Putting Californians back to work tops the list for Governor Arnold Schwarzenegger and his choice for lieutenant governor, Abel Maldonado. Schwarzenegger introduced the Mexican-American senator today at a news conference in Whittier. Maldonado chose the location, because, he says, his aunt and grandparents used to live in the neighborhood.

"My mom and my dad didn't have the resources to pay for a babysitter," says Maldonado. "So, they would bring me here in the summer months and my aunt would take care of me. We're back here again, because I will never forget where I come from."

Maldonado also thanked his constituents in California's Central Coast. That's where his family's strawberry farm is. The 42-year-old senator grew up picking strawberries with his mother and father on a half-acre farm in Santa Maria. Today, Maldonado says, the family business sprawls across 6,000 acres and has hundreds of employees.

“My family knew that our business could only grow if we were responsible with our money and we were accountable for our expenses,” said Maldonado.

He says that's what California needs to do and creating jobs is part of the solution. In February, Maldonado cast the final vote the governor needed to push through the state budget. It included massive tax increases and budget cuts.

But the two have bumped heads on other issues over the years. During a news conference Tuesday morning where Schwarzenegger introduced Maldonado, the governor said their relationship is like a marriage – and chuckled at the comparison.

"And the more I got to know him, the more I really liked what he stood for," says Schwarzenegger. "Not just because he’s a Republican, or not just because he crossed the aisle. But his family values. As much as he loved the state of California, as much as he loved his father and his mother, what they taught him.”

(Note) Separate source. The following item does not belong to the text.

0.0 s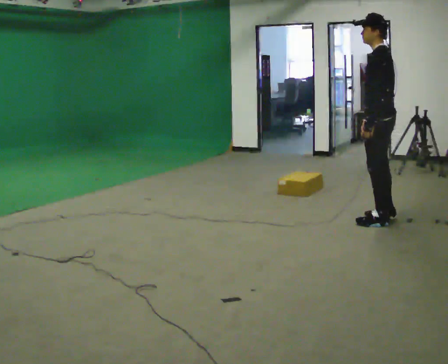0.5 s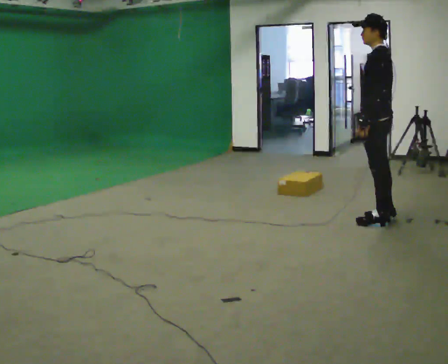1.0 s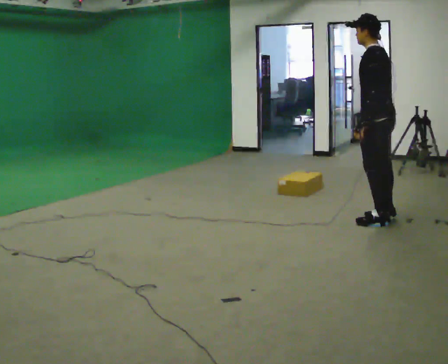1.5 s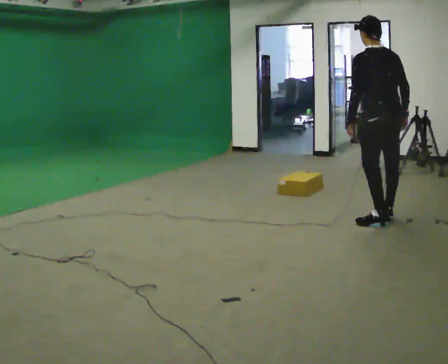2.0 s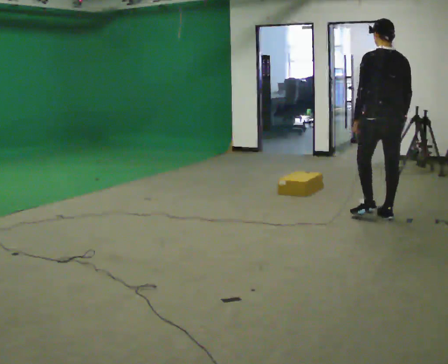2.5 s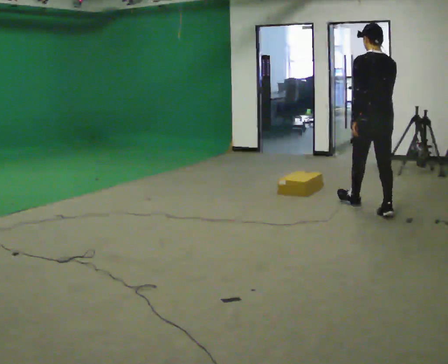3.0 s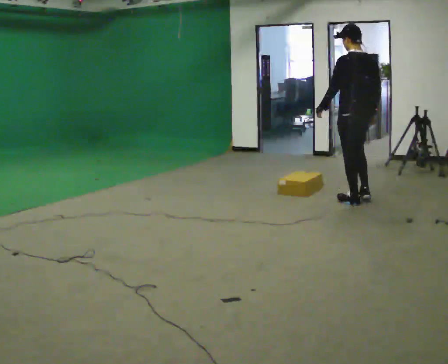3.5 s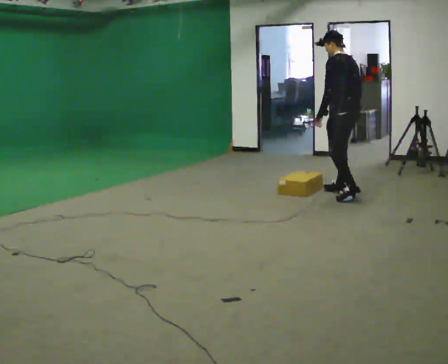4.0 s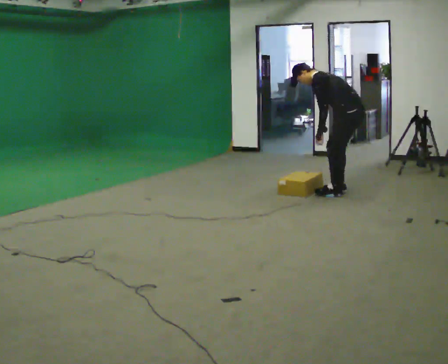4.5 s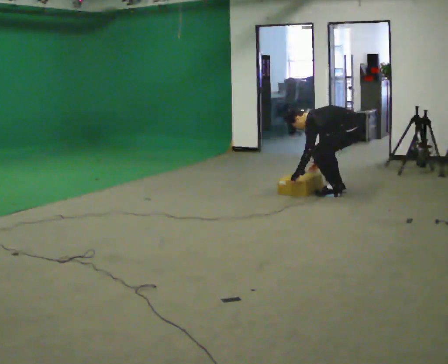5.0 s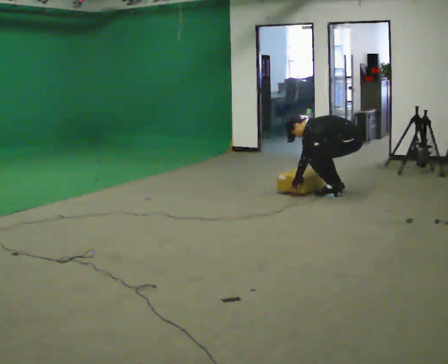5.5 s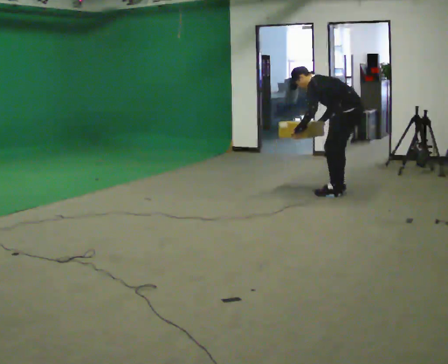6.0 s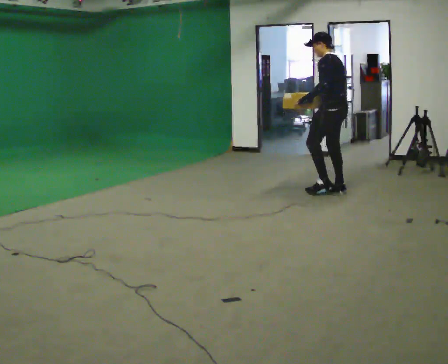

Maldonado would replace John Garamendi, who this month won an East San Francisco Bay Area seat in the U.S. House of Representatives. A majority-Democratic state Senate and Assembly still have to confirm Maldonado. Two Republican state senators are also running for lieutenant governor.

The moderate Republican says those early experiences shaped his views. He has a few words for young Latinos in the neighborhood.

“If they think that there are limits are dreams, I’m here to tell them to look at me. There is not limit on what you can dream.”